* **WHAT NEEDS TO BE DONE**
Give back the full listing, character for character, with no pictures.
*** Opening of SUPPLIED INFORMATION ***
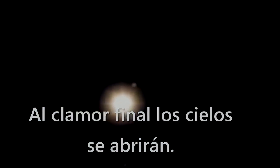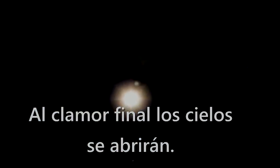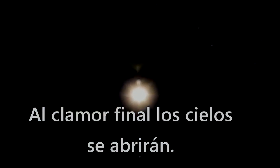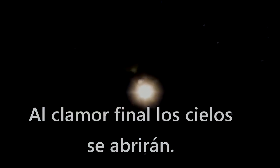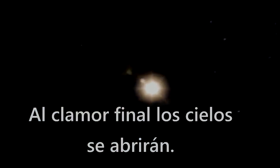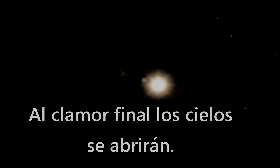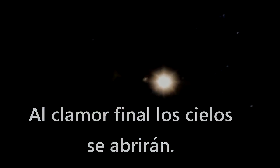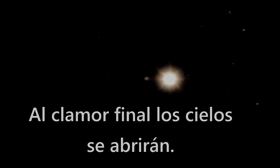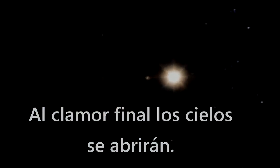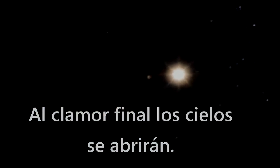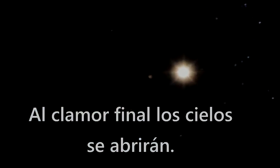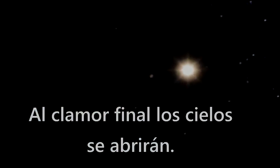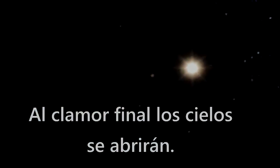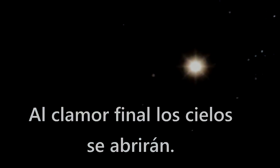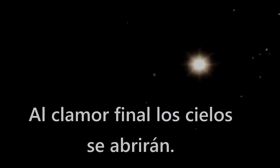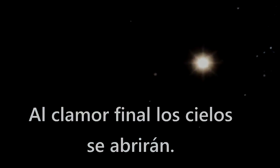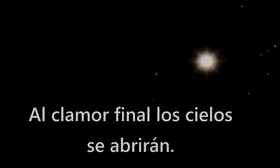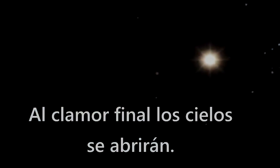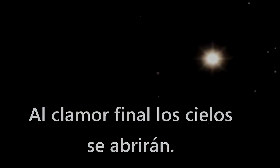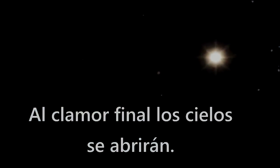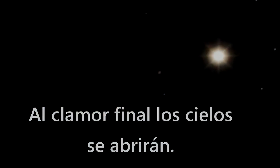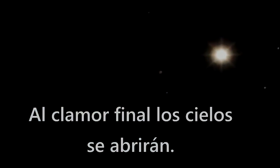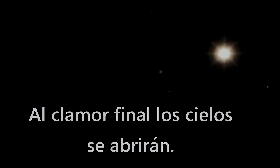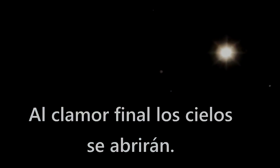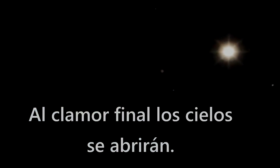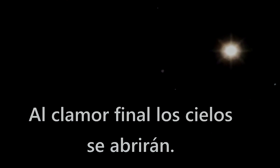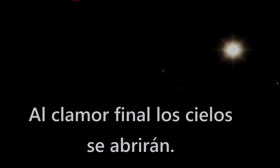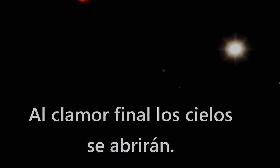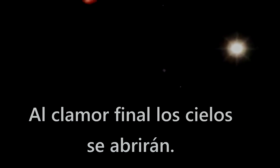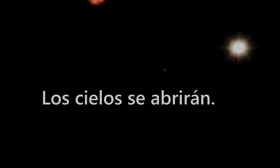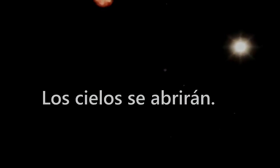Los cielos se abrirán
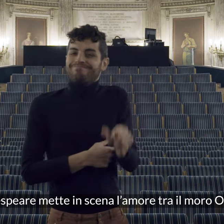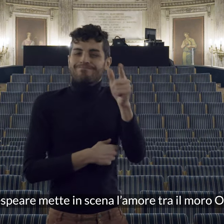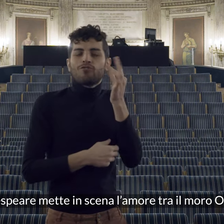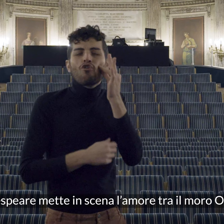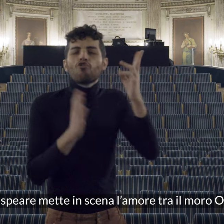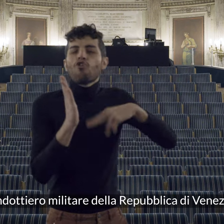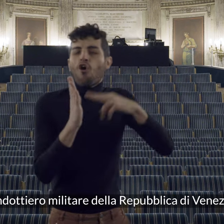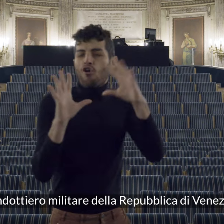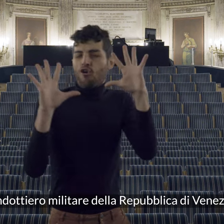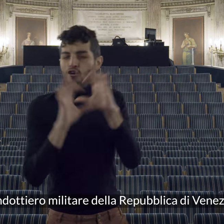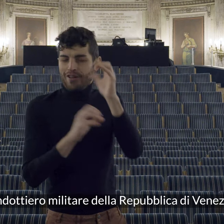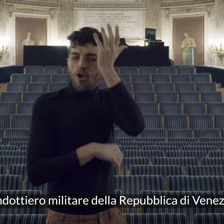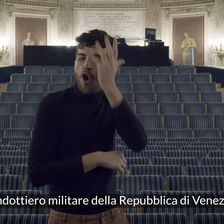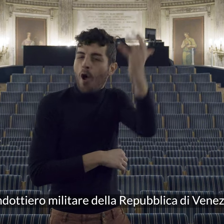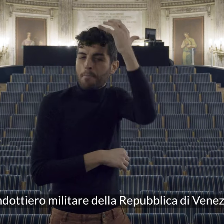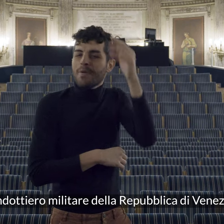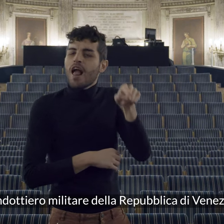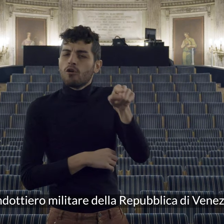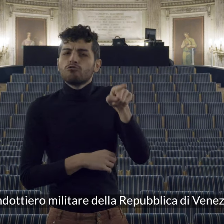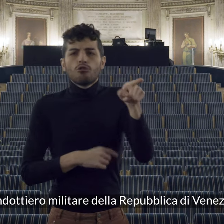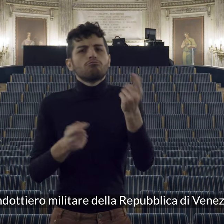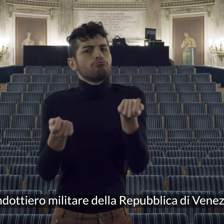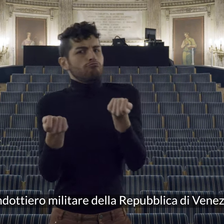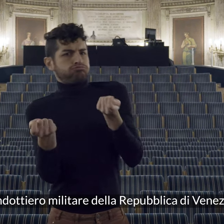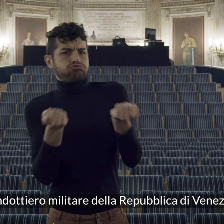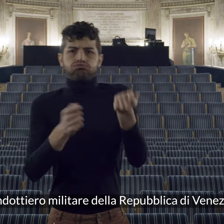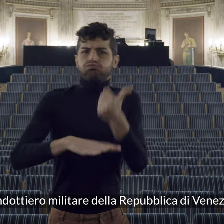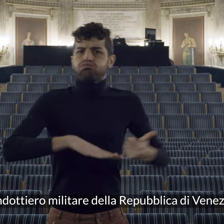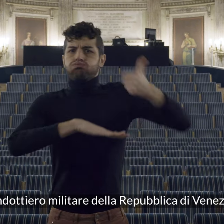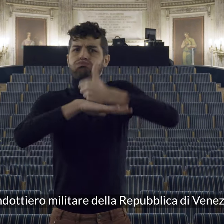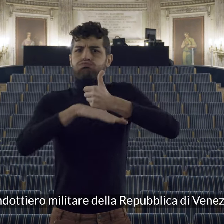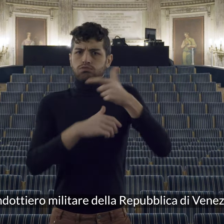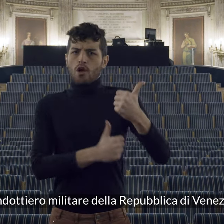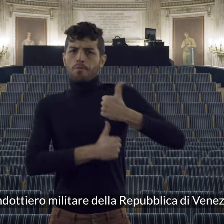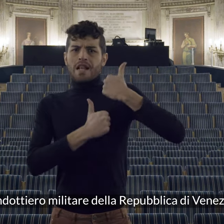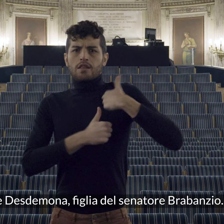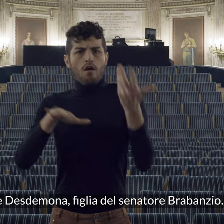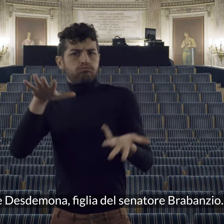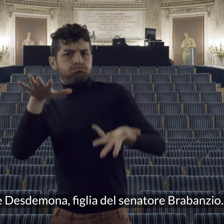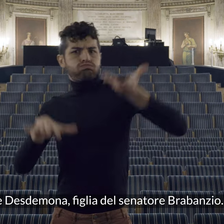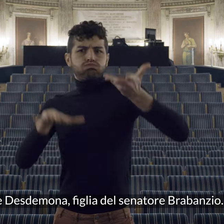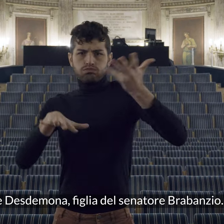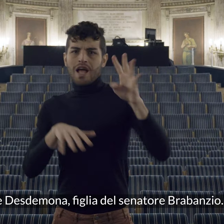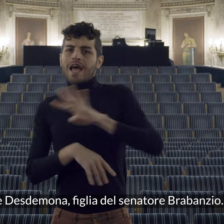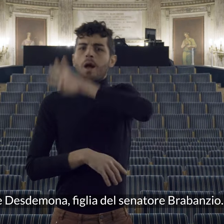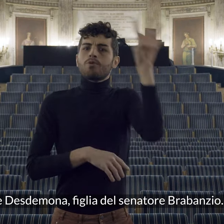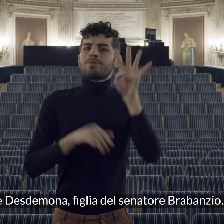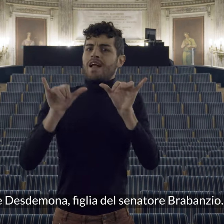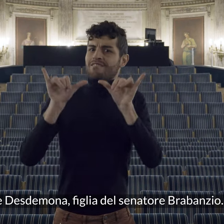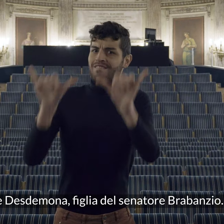otello condottiero militare della repubblica di venezia e desdemona
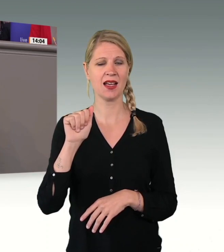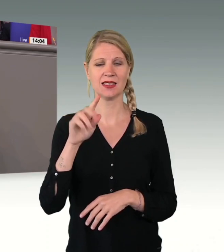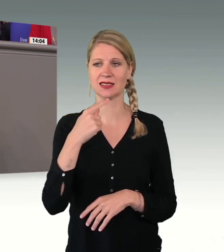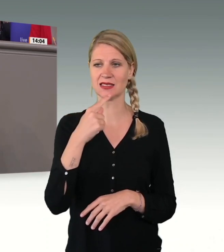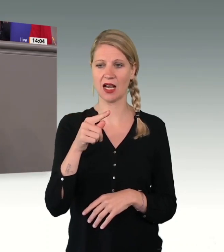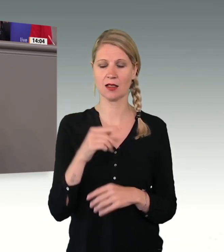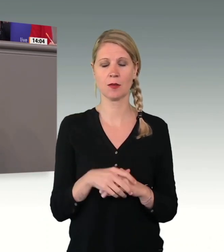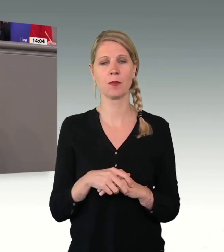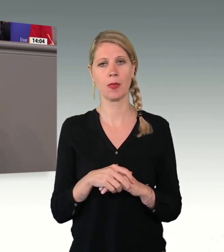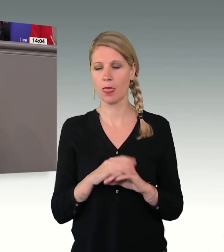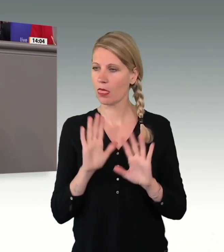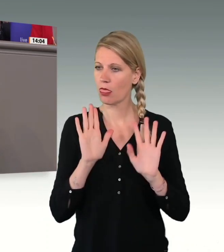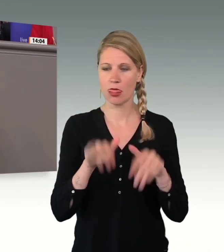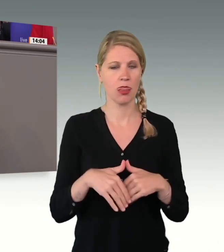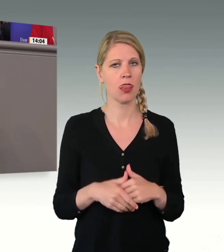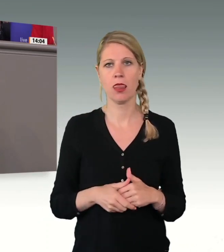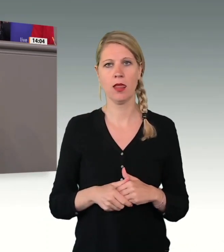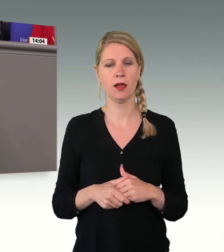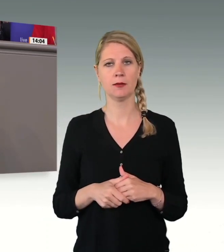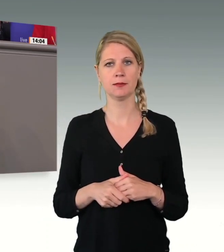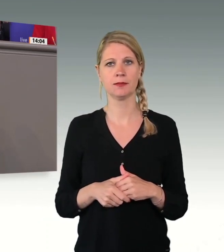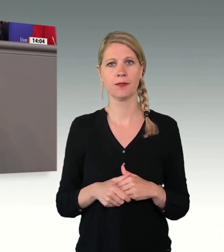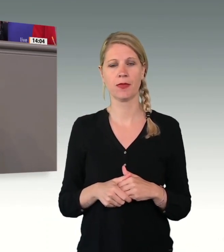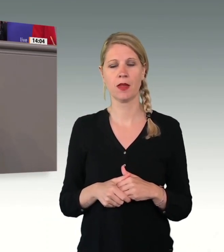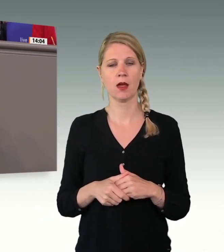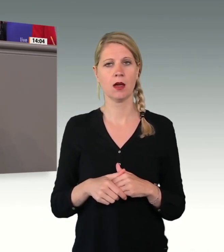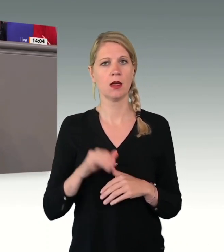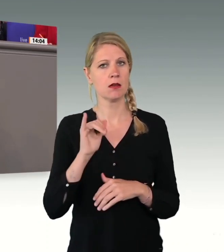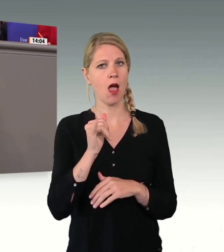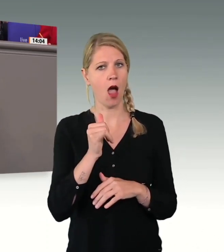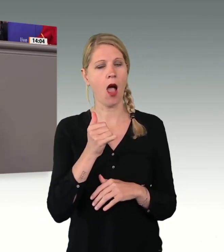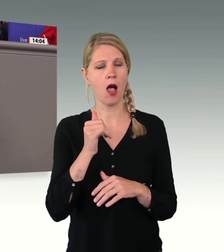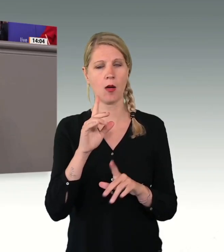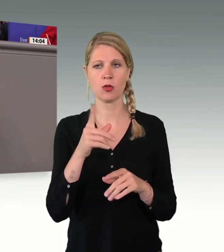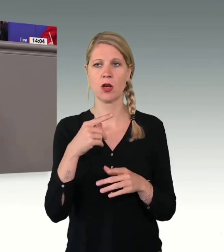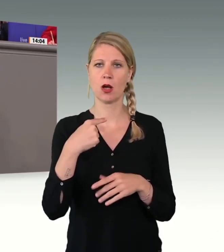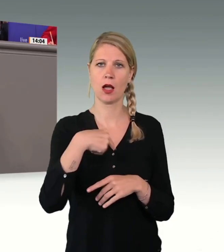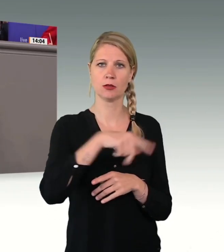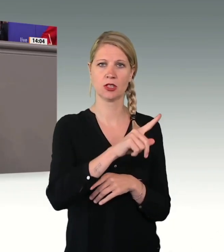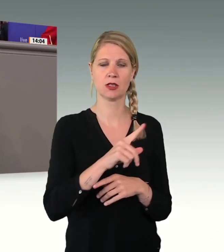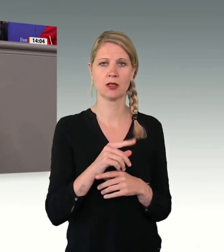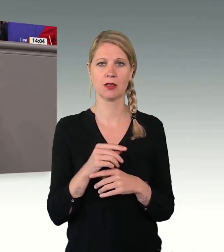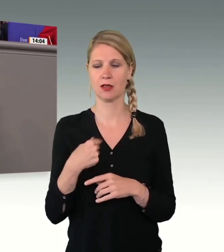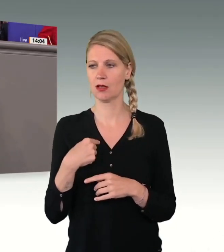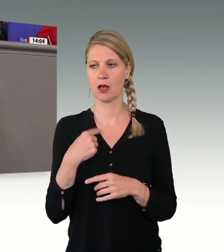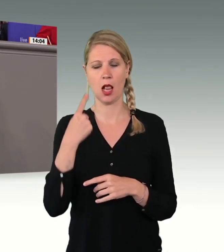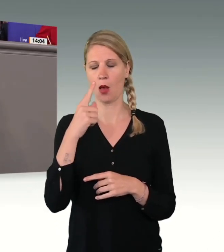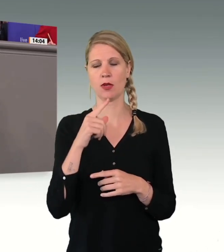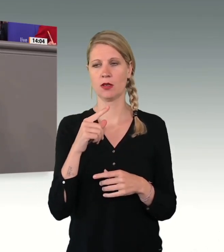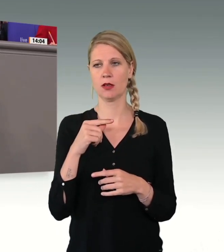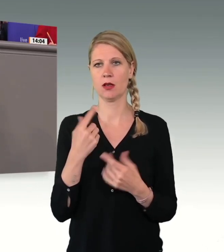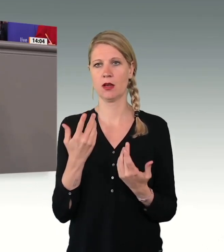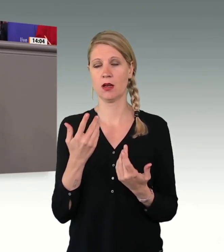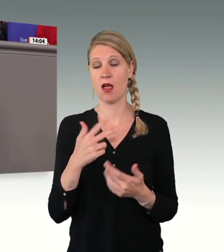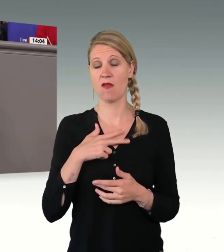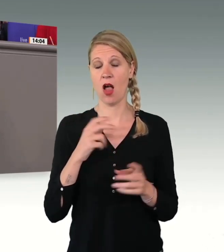abzukündigen. Ich glaube genauso wie alle in der Union nicht daran, dass das tatsächlich zur Realisierung kommt.
*** Close of SUPPLIED INFORMATION ***
* **OUTPUT**
Los cielos se abrirán
otello condottiero militare della repubblica di venezia e desdemona
abzukündigen. Ich glaube genauso wie alle in der Union nicht daran, dass das tatsächlich zur Realisierung kommt.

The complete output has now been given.